Collected data entries:
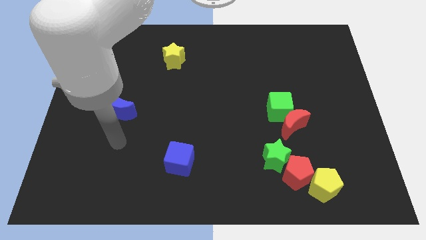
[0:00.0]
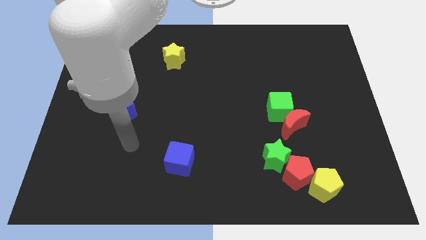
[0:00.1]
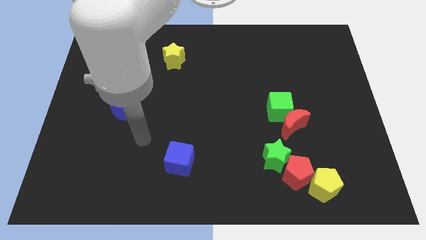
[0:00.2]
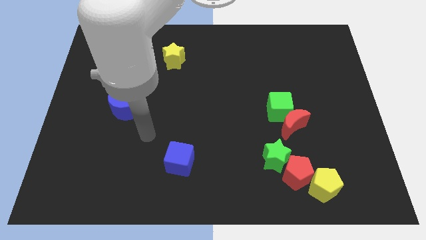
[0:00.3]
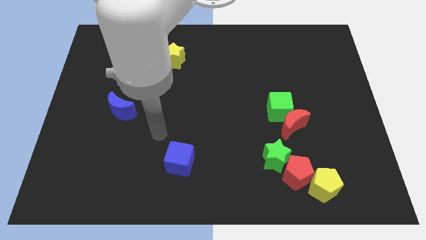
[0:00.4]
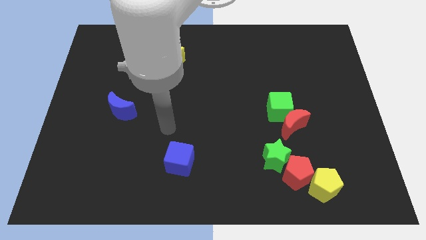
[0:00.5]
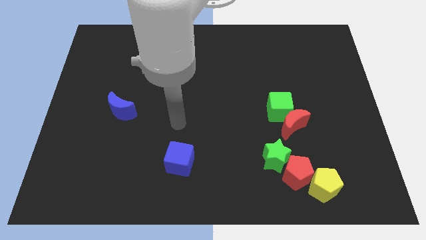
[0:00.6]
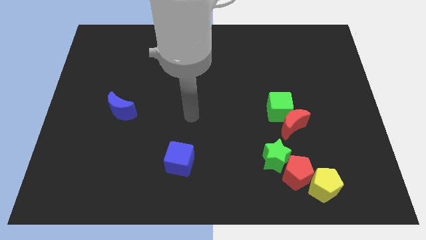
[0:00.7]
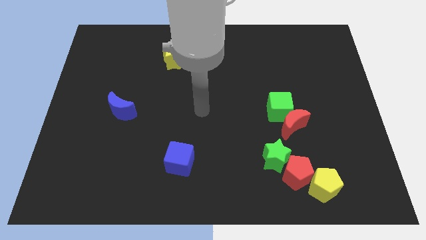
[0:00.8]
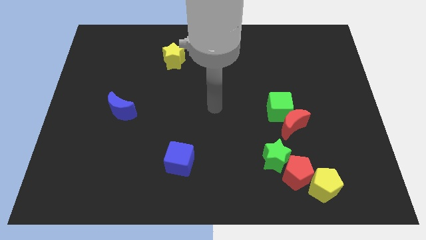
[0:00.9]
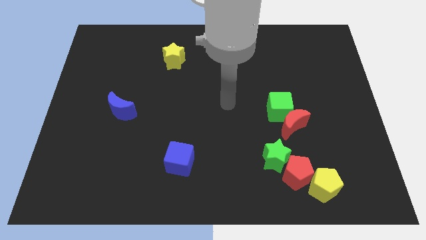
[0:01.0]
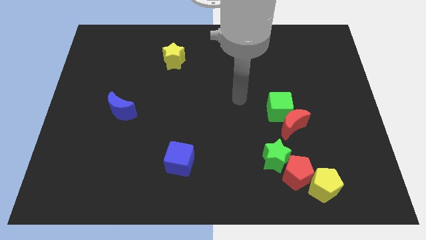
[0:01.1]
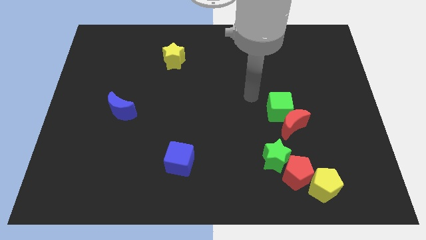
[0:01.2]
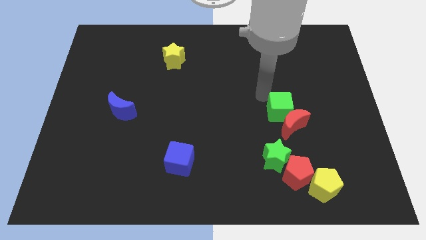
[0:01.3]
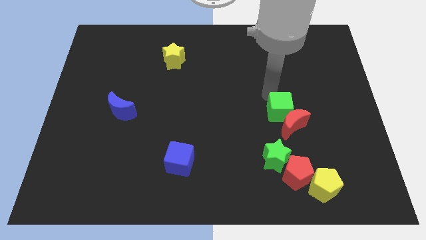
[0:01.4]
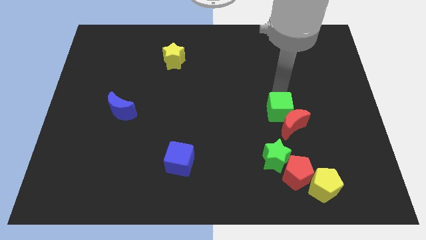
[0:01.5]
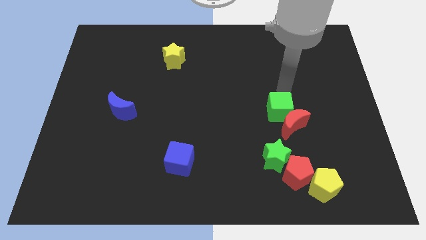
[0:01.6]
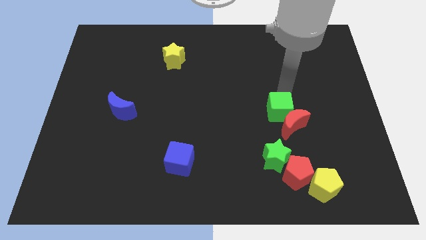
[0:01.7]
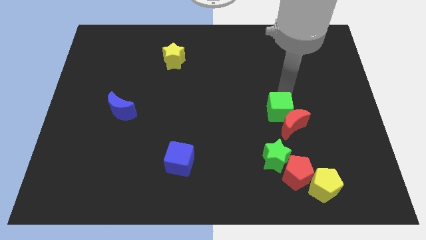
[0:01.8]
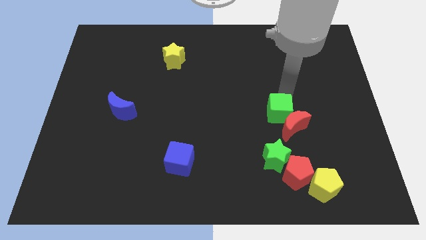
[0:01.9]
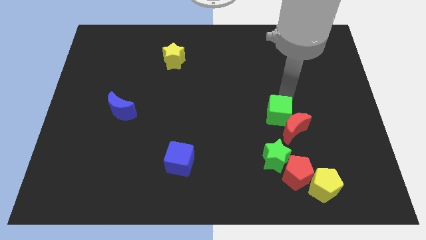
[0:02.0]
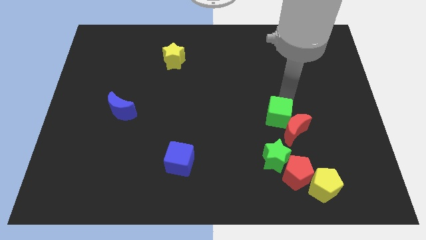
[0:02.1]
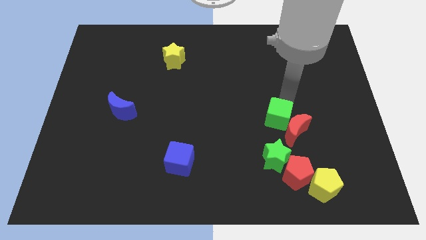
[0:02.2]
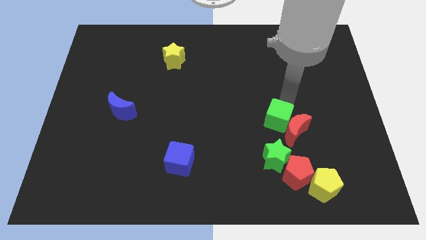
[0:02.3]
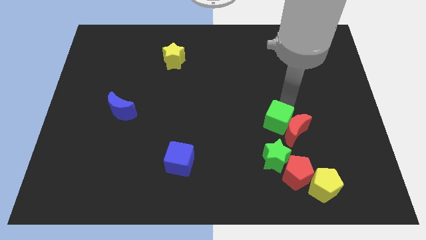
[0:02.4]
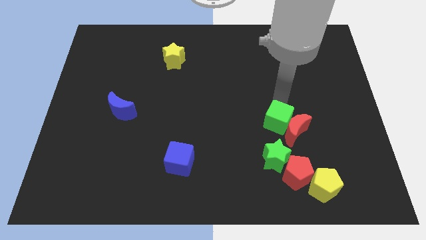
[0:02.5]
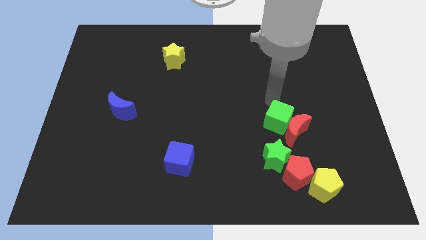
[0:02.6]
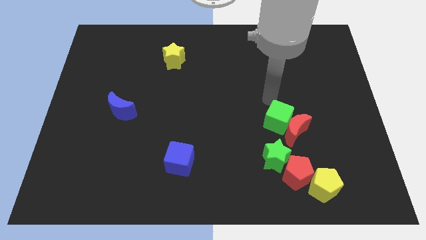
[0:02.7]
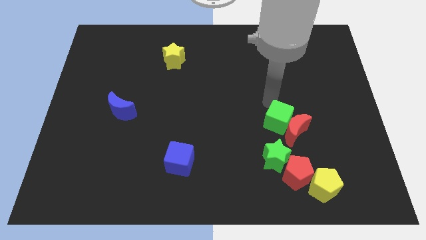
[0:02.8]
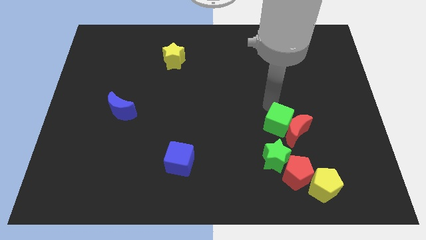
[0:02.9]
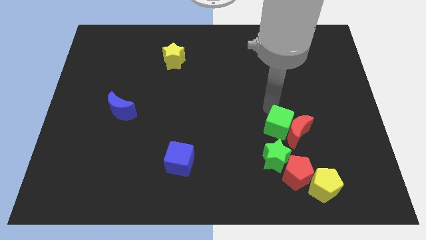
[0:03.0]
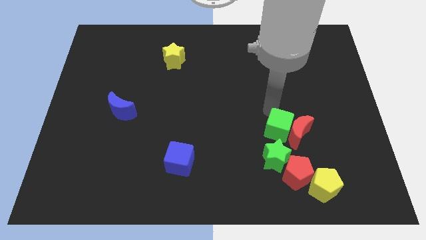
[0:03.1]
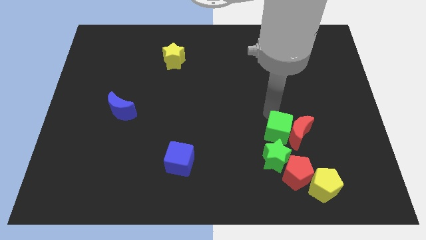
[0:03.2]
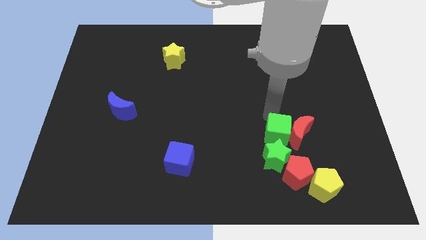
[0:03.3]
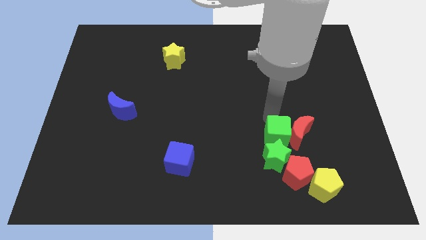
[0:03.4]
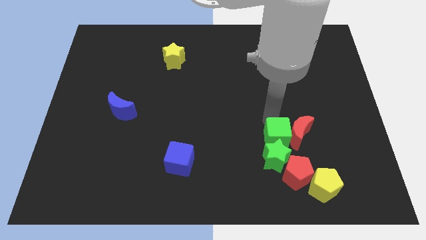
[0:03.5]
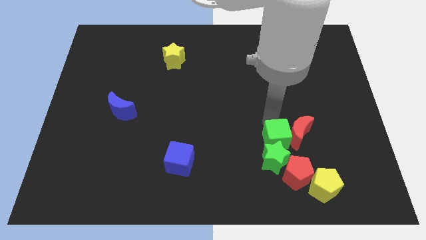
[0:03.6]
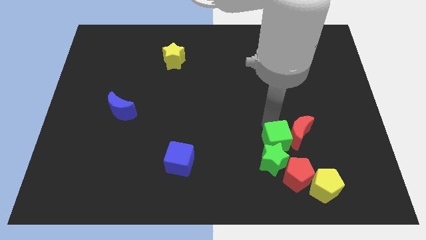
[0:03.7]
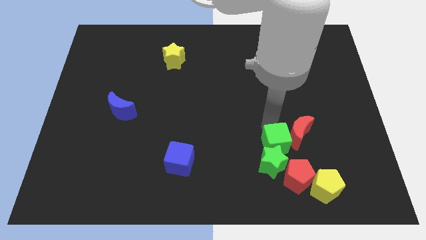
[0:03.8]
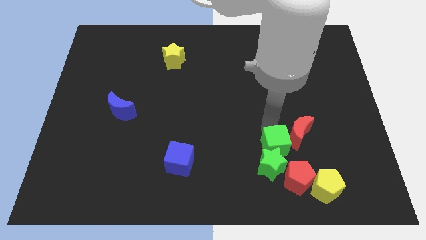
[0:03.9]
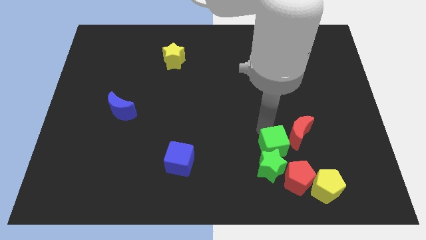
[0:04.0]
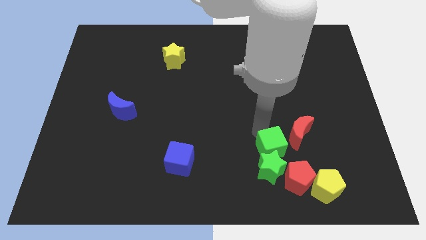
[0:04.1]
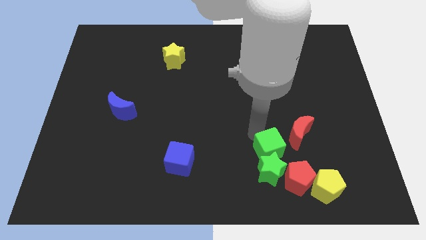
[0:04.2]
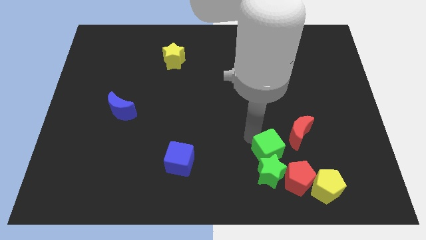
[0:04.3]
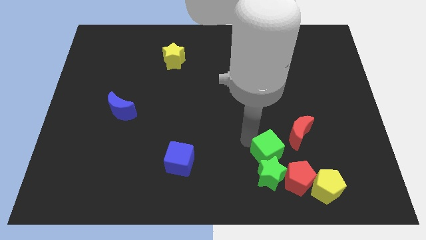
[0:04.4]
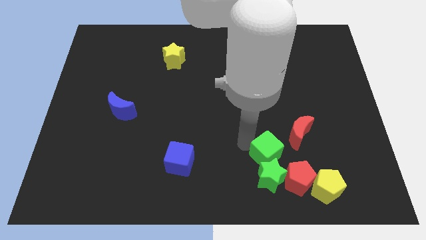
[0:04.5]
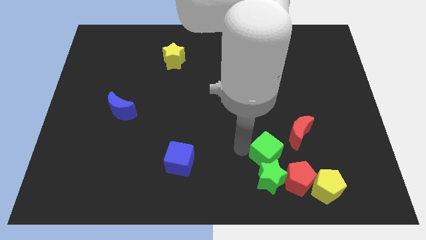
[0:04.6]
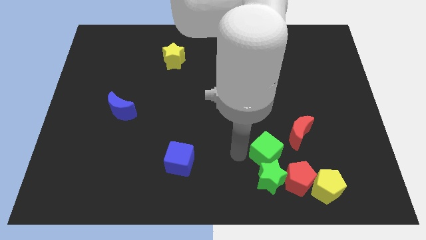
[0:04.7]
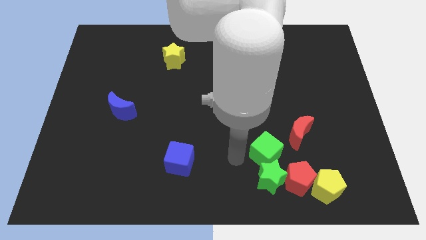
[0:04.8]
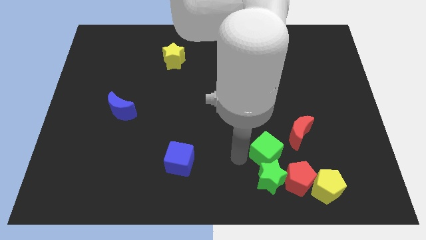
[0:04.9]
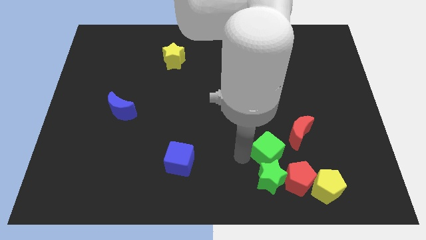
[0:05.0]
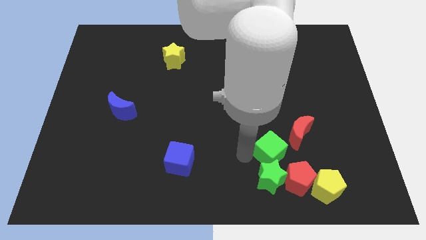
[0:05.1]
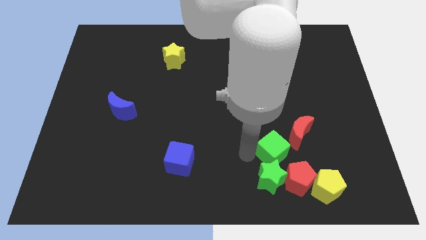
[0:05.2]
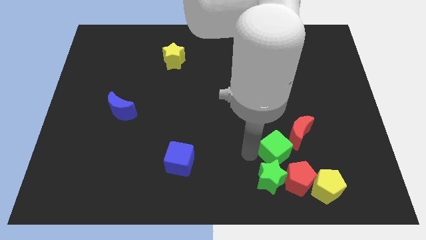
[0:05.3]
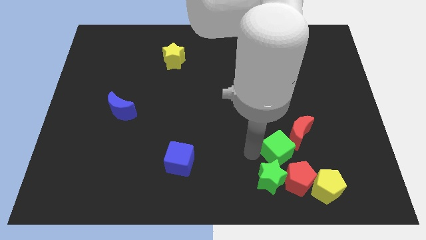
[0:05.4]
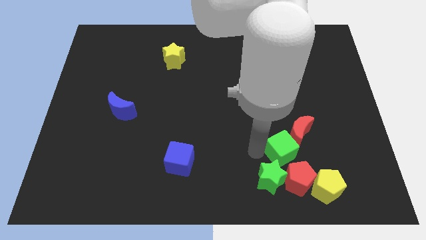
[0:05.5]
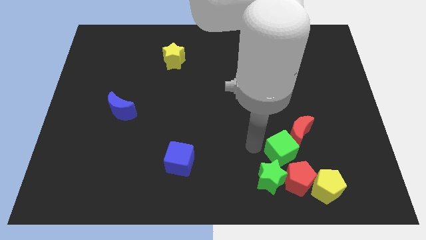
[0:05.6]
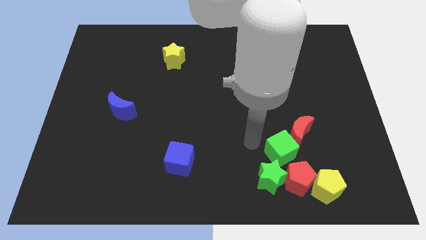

**Your task**: Print the data once more without any change, skipping each picture.

**Exercise output**:
[0:00.0]
[0:00.1]
[0:00.2]
[0:00.3]
[0:00.4]
[0:00.5]
[0:00.6]
[0:00.7]
[0:00.8]
[0:00.9]
[0:01.0]
[0:01.1]
[0:01.2]
[0:01.3]
[0:01.4]
[0:01.5]
[0:01.6]
[0:01.7]
[0:01.8]
[0:01.9]
[0:02.0]
[0:02.1]
[0:02.2]
[0:02.3]
[0:02.4]
[0:02.5]
[0:02.6]
[0:02.7]
[0:02.8]
[0:02.9]
[0:03.0]
[0:03.1]
[0:03.2]
[0:03.3]
[0:03.4]
[0:03.5]
[0:03.6]
[0:03.7]
[0:03.8]
[0:03.9]
[0:04.0]
[0:04.1]
[0:04.2]
[0:04.3]
[0:04.4]
[0:04.5]
[0:04.6]
[0:04.7]
[0:04.8]
[0:04.9]
[0:05.0]
[0:05.1]
[0:05.2]
[0:05.3]
[0:05.4]
[0:05.5]
[0:05.6]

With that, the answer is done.